In November, the labor board ordered a new union election for Amazon workers in Bessemer, Alabama, based on objections to the first vote that took place in April. The move was a blow to Amazon, which spent about a year aggressively campaigning for the Bessemer warehouse workers to reject the union, which they ultimately did by a wide margin. The board had not yet determined the date for the second election, and it hasn't determined whether it will be conducted in person or by mail.

The campaign is being spearheaded by the Retail, Wholesale and Department Store Union.

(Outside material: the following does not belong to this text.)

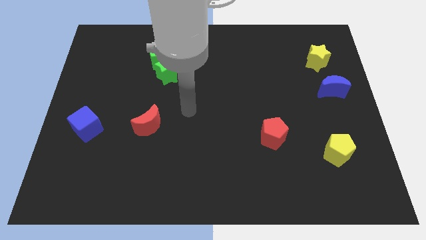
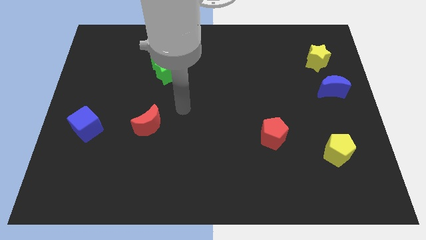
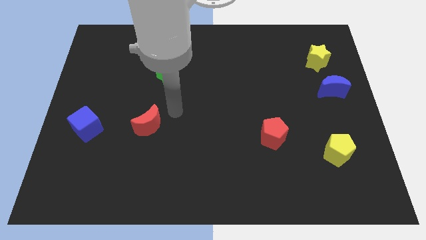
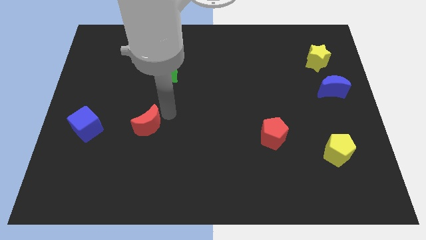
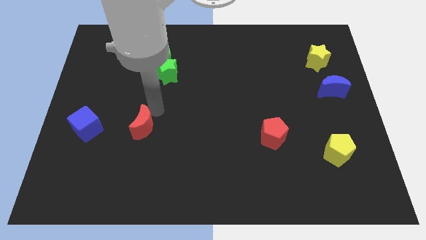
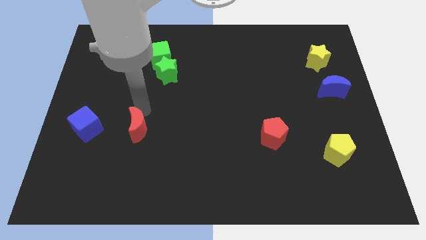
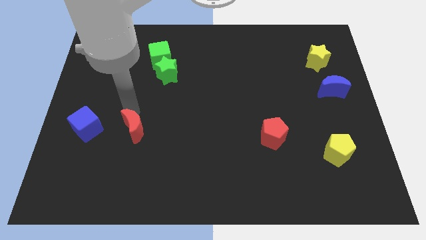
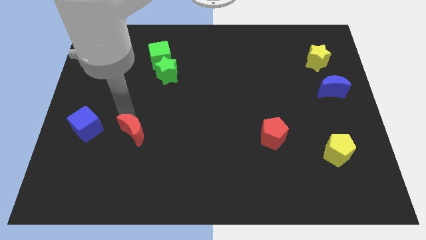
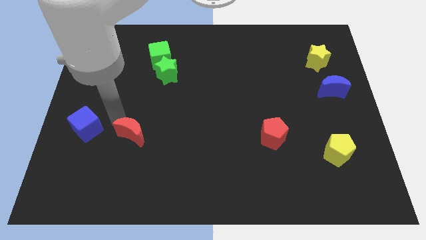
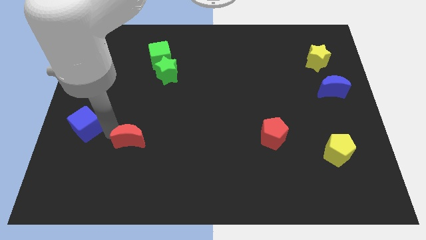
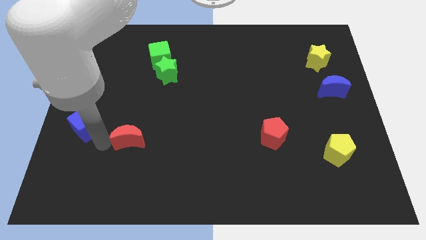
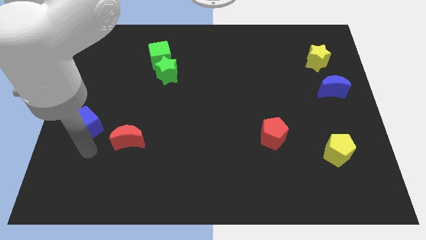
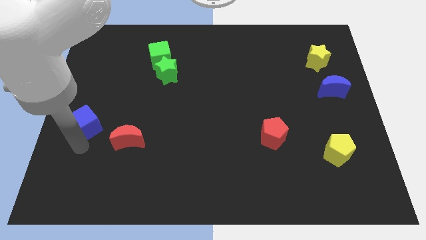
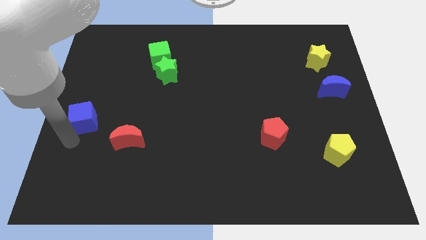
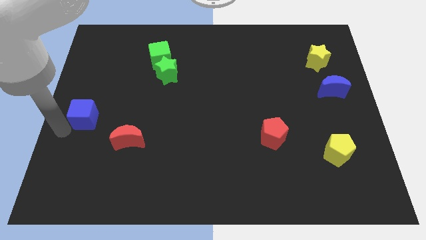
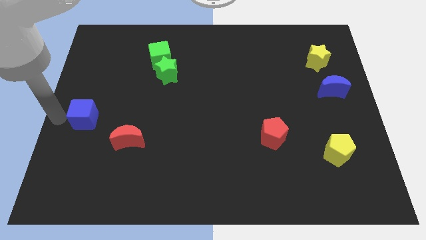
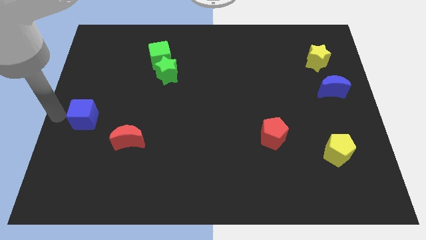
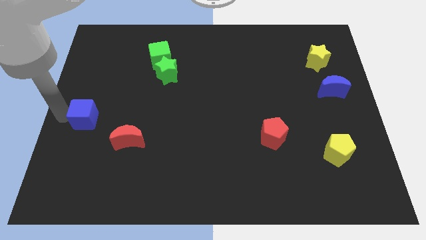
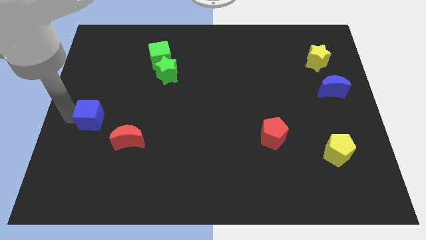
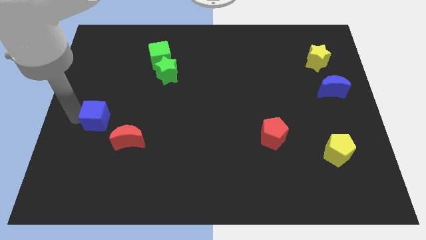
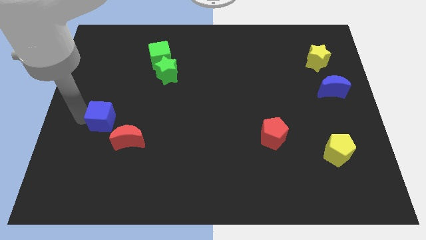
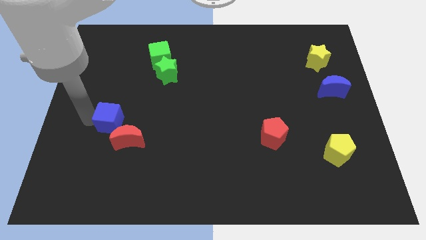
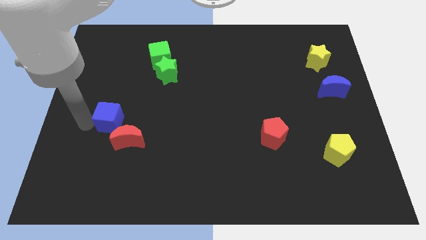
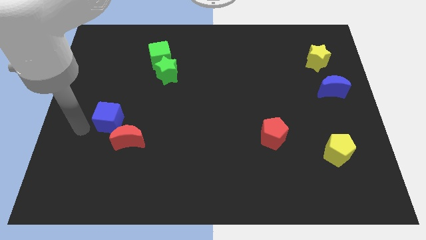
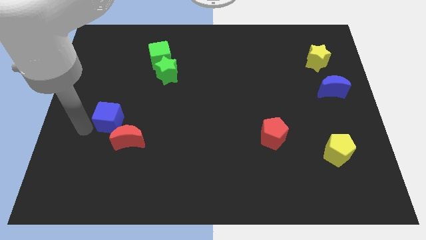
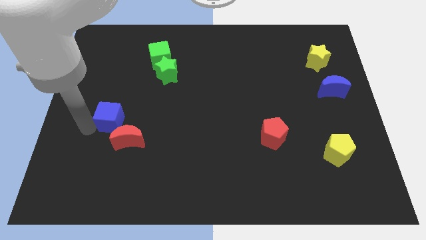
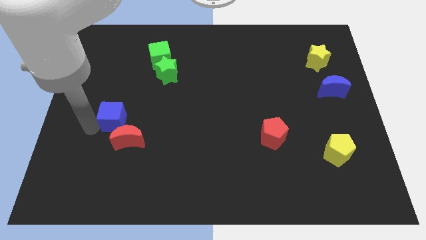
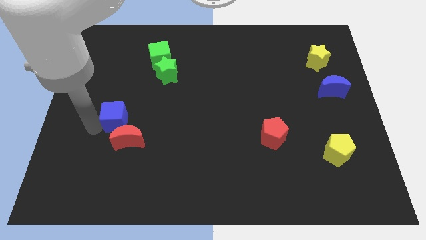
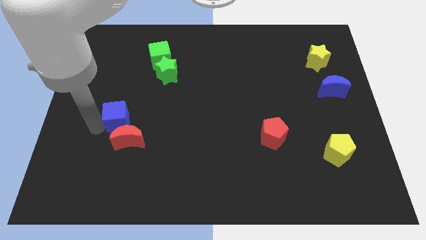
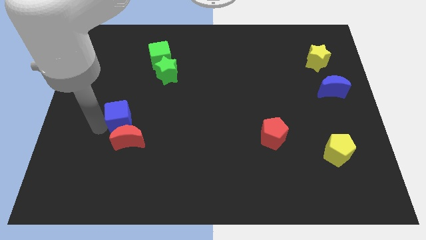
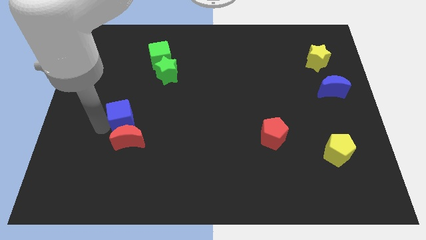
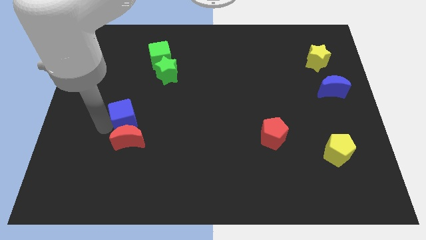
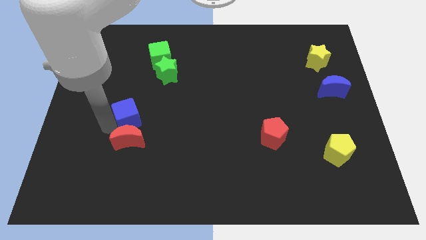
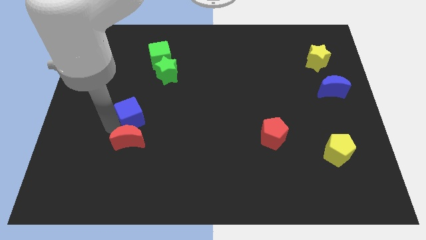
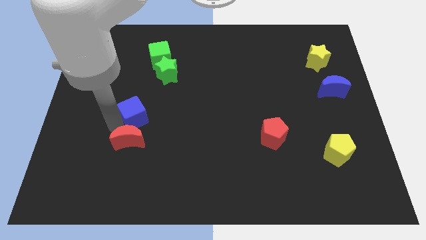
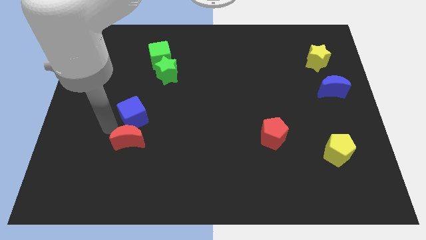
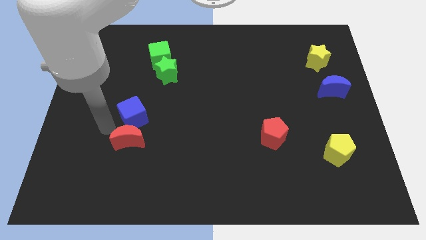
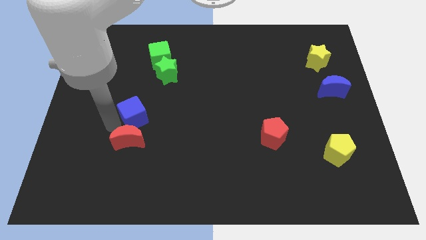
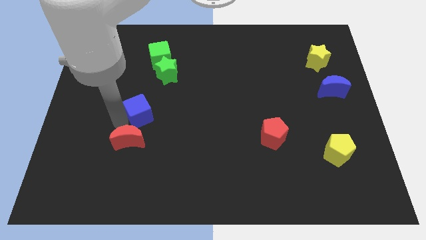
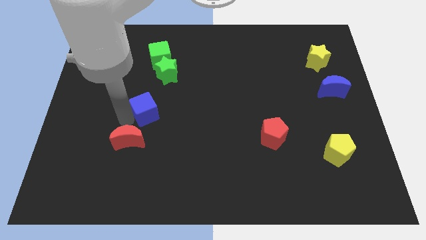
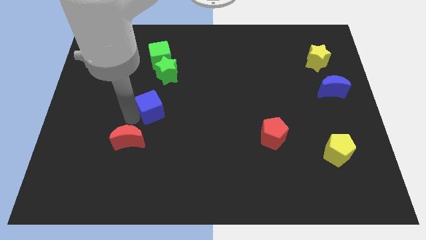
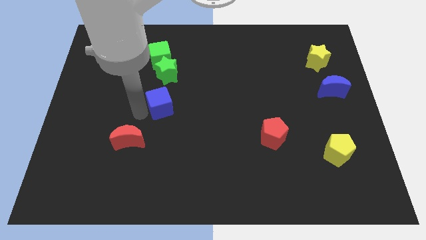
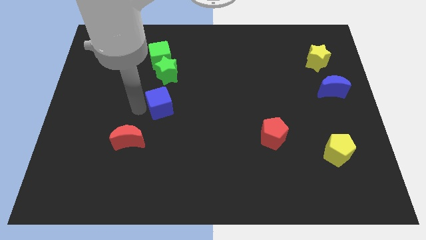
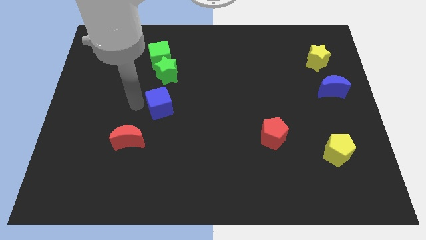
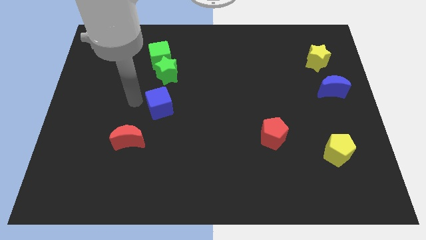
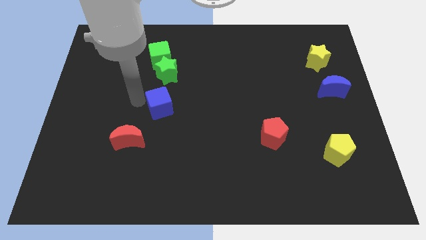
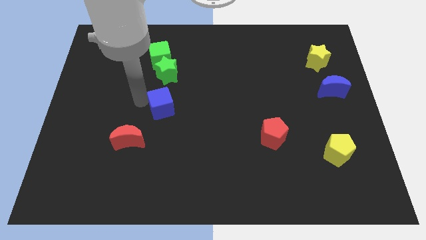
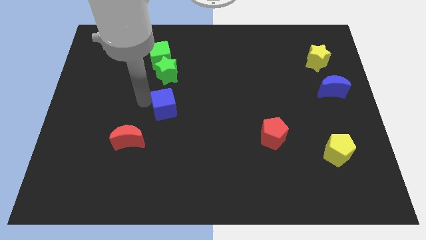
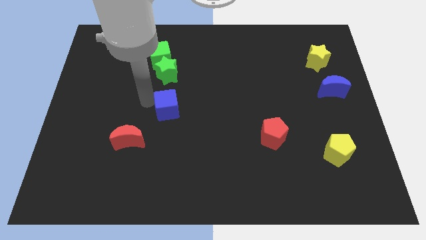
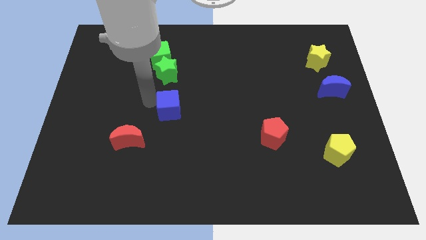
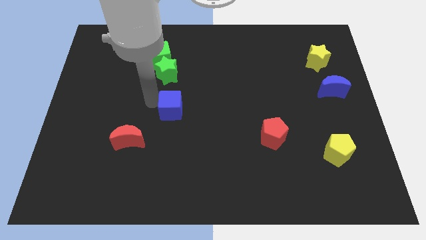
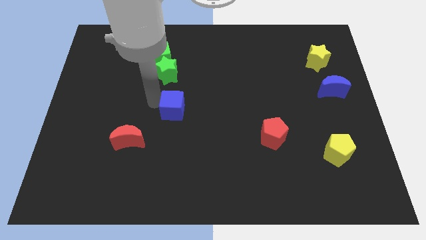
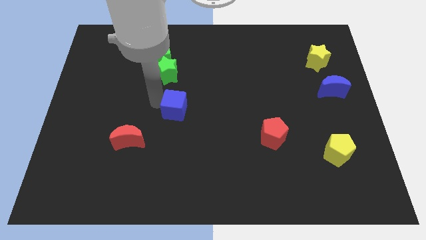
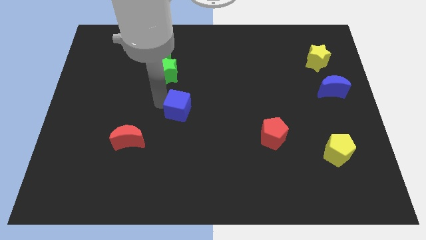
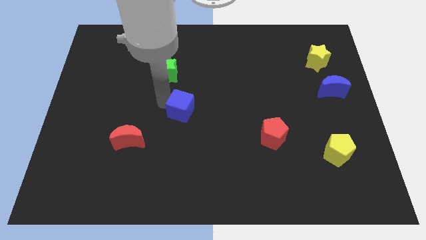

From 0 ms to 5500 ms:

Meanwhile, on Wednesday, the Amazon Labor Union, an independent group representing workers in New York's Staten Island borough, refiled its petition for a union election. The group of workers withdrew its first petition in mid-November to hold a vote to unionize after falling behind the adequate number of workers pledging support. Former Amazon employee Christian Smalls is organizing the effort in Staten Island without the help of a national sponsor.

The organizing drive is also happening during a moment of reckoning across Corporate America as the pandemic and ensuing labor shortage has given employees more leverage to fight for better working conditions and pay. Workers have staged strikes at Kellogg's U.S. cereal plants as well as at Deere & Co., to name a few.